Mais les portes de l’ancienne imprimerie Geistel ne s'ouvriront pas uniquement aux artistes. L'équipe de bénévoles espère qu'elle deviendra aussi un endroit où transmettre un savoir-faire, et pouvoir y initier les plus jeunes. Sans oublier son aspect muséal.

"Beaucoup de gens aiment découvrir des lieux restés tels quels, estime Alain Hurstel. Or, on trouve bien dans certains musées un petit département de lithographie. Mais on n’y rentre pas, comme ce sera le cas ici, dans le vécu d'une véritable imprimerie. Dans ce quartier populaire de Strasbourg-Cronenbourg, il nous semble important d’offrir un nouveau lieu culturel." Tout à la fois musée, imprimerie et site de petites productions, pour des amateurs comme des professionnels.

Un financement à compléter

Seulement, pour en arriver là, il reste encore du pain sur la planche. Outre la restauration des machines, il s’agit aussi d’isoler le bâtiment, installer des sanitaires et aménager un espace d’accueil du public. Des travaux de l’ordre de plusieurs centaines de milliers d’euros.

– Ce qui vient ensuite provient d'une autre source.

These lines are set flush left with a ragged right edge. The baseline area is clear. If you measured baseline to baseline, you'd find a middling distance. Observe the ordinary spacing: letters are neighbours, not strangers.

Pour trouver les fonds nécessaires, des mécènes sont sollicités, et une cagnotte a été lancée en ligne. En outre, le 25 mai, de 10h à 18h au 48 rue du Gazon, 67200 Strasbourg, les autres biens de l’ancienne propriétaire seront vendus lors d’un vide-maison, au profit du fonds d’investissement.

Mais l’équipe est confiante. Car rien qu’avec le bouche-à-oreille, Alain Hurstel assure qu’il y a "déjà beaucoup de gens qui ont envie de s’impliquer dans cette aventure." Et de redonner une seconde vie à cette imprimerie d’antan.